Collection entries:
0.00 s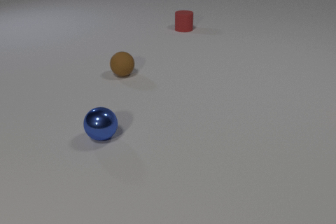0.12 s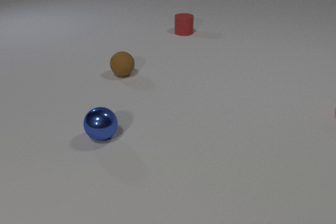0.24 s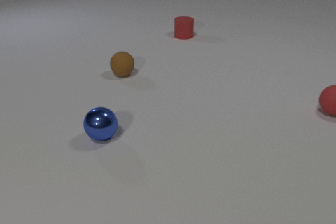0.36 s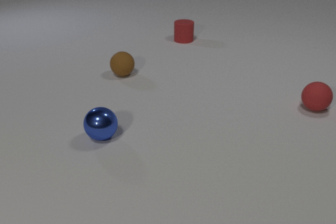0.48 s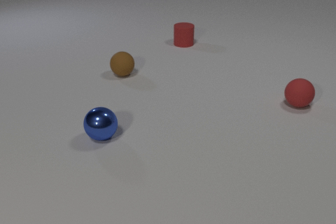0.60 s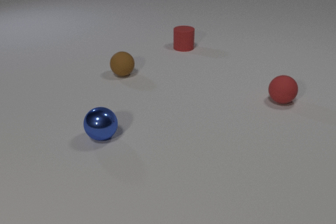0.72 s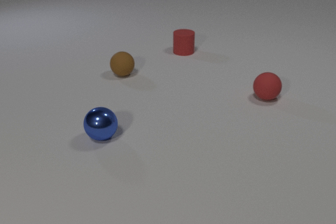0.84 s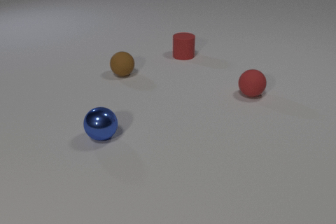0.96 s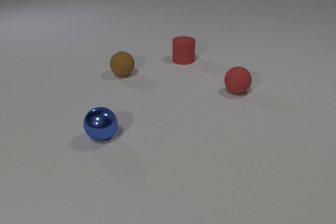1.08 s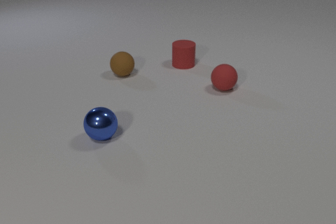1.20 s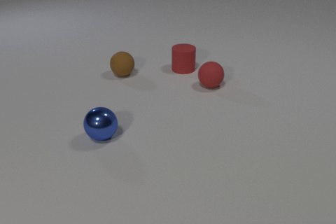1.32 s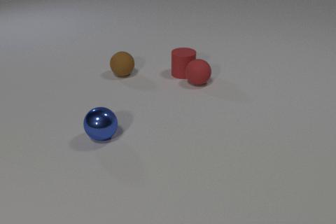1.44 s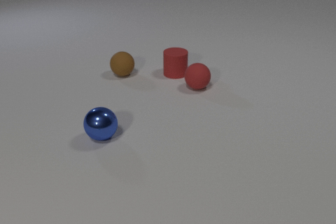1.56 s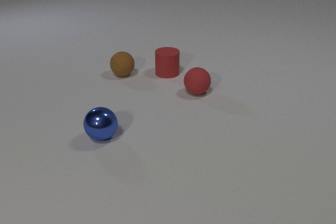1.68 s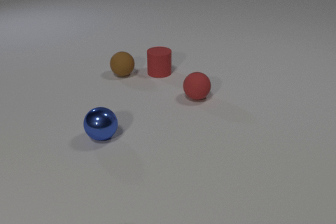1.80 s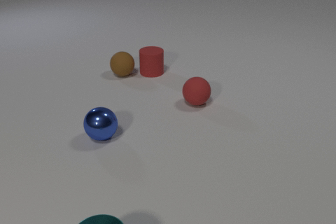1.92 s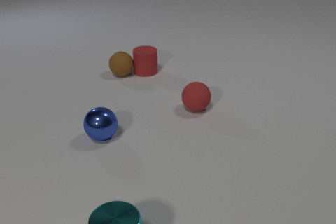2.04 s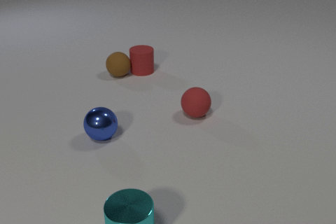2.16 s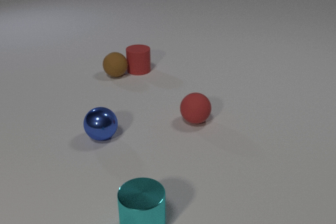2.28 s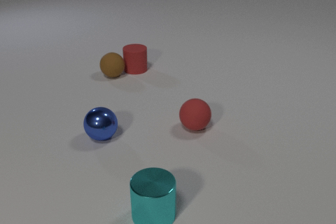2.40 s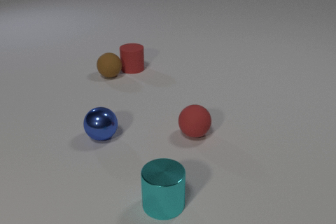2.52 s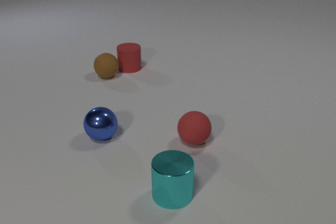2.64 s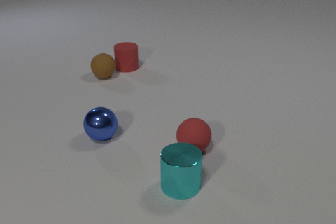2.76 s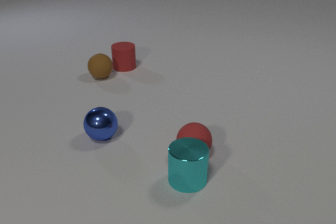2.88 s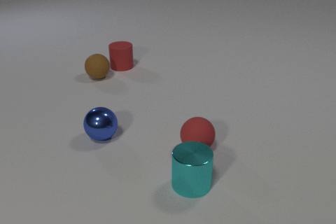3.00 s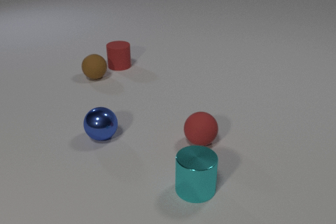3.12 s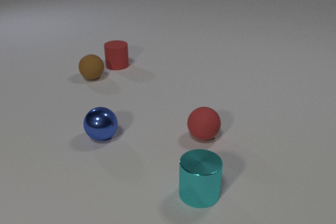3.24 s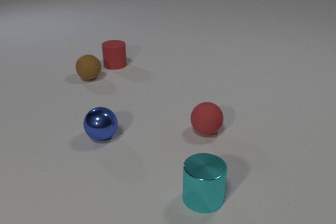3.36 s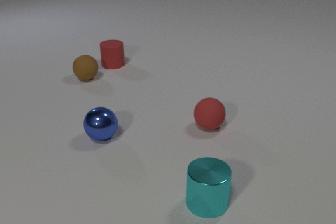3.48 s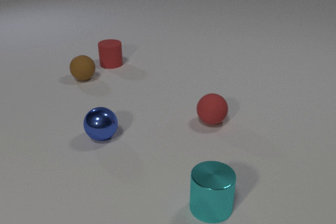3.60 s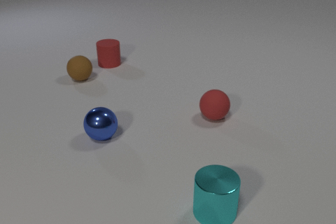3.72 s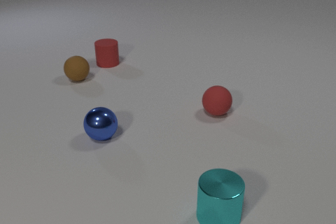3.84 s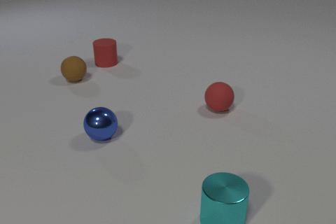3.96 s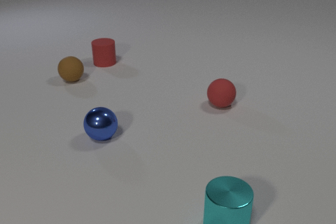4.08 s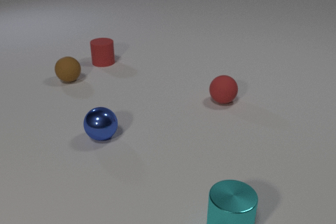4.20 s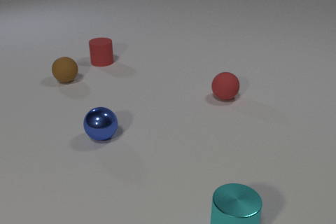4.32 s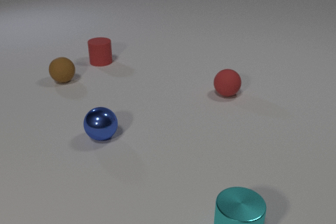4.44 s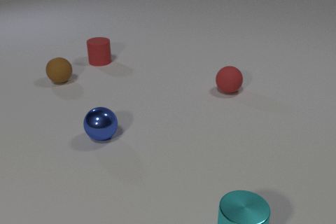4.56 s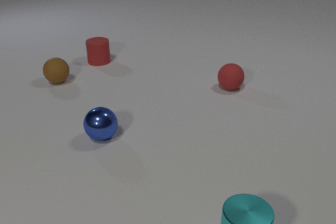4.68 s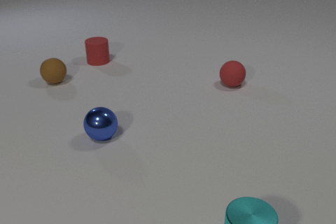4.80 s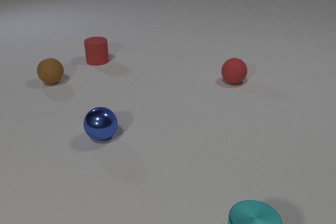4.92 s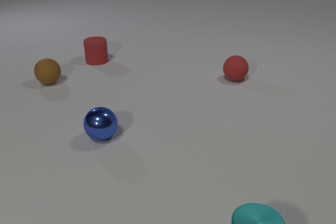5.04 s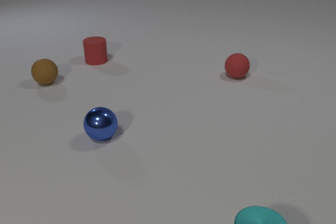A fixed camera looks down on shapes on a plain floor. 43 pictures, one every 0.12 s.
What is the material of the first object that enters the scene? rubber.
What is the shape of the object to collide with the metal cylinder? sphere.
Are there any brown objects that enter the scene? no.
0.00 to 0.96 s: The red rubber cylinder slides toward the camera. The red rubber sphere comes in at the right edge, rolls to the left.
0.96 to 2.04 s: The red rubber cylinder slides to the left and toward the camera. The red rubber sphere rolls toward the camera and to the left. The cyan metal cylinder comes in at the bottom edge, slides away from the camera and to the right. The red rubber cylinder and the red rubber sphere collide. The red rubber cylinder and the brown rubber sphere collide.
2.04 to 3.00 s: The red rubber cylinder slides to the left and away from the camera. The red rubber sphere rolls toward the camera. The brown rubber sphere rolls to the left. The cyan metal cylinder slides away from the camera and to the right. The red rubber sphere and the cyan metal cylinder collide.
3.00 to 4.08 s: The red rubber cylinder slides to the left and away from the camera. The red rubber sphere rolls away from the camera. The brown rubber sphere rolls to the left. The cyan metal cylinder slides toward the camera and to the right.
4.08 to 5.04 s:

> [DESCRIPTION OF THE TASK]
Starting with the line that contains "What is the material", restate every line up to and including the last one above, exactly.

> [WRITTEN SOLUTION]
What is the material of the first object that enters the scene? rubber.
What is the shape of the object to collide with the metal cylinder? sphere.
Are there any brown objects that enter the scene? no.
0.00 to 0.96 s: The red rubber cylinder slides toward the camera. The red rubber sphere comes in at the right edge, rolls to the left.
0.96 to 2.04 s: The red rubber cylinder slides to the left and toward the camera. The red rubber sphere rolls toward the camera and to the left. The cyan metal cylinder comes in at the bottom edge, slides away from the camera and to the right. The red rubber cylinder and the red rubber sphere collide. The red rubber cylinder and the brown rubber sphere collide.
2.04 to 3.00 s: The red rubber cylinder slides to the left and away from the camera. The red rubber sphere rolls toward the camera. The brown rubber sphere rolls to the left. The cyan metal cylinder slides away from the camera and to the right. The red rubber sphere and the cyan metal cylinder collide.
3.00 to 4.08 s: The red rubber cylinder slides to the left and away from the camera. The red rubber sphere rolls away from the camera. The brown rubber sphere rolls to the left. The cyan metal cylinder slides toward the camera and to the right.
4.08 to 5.04 s:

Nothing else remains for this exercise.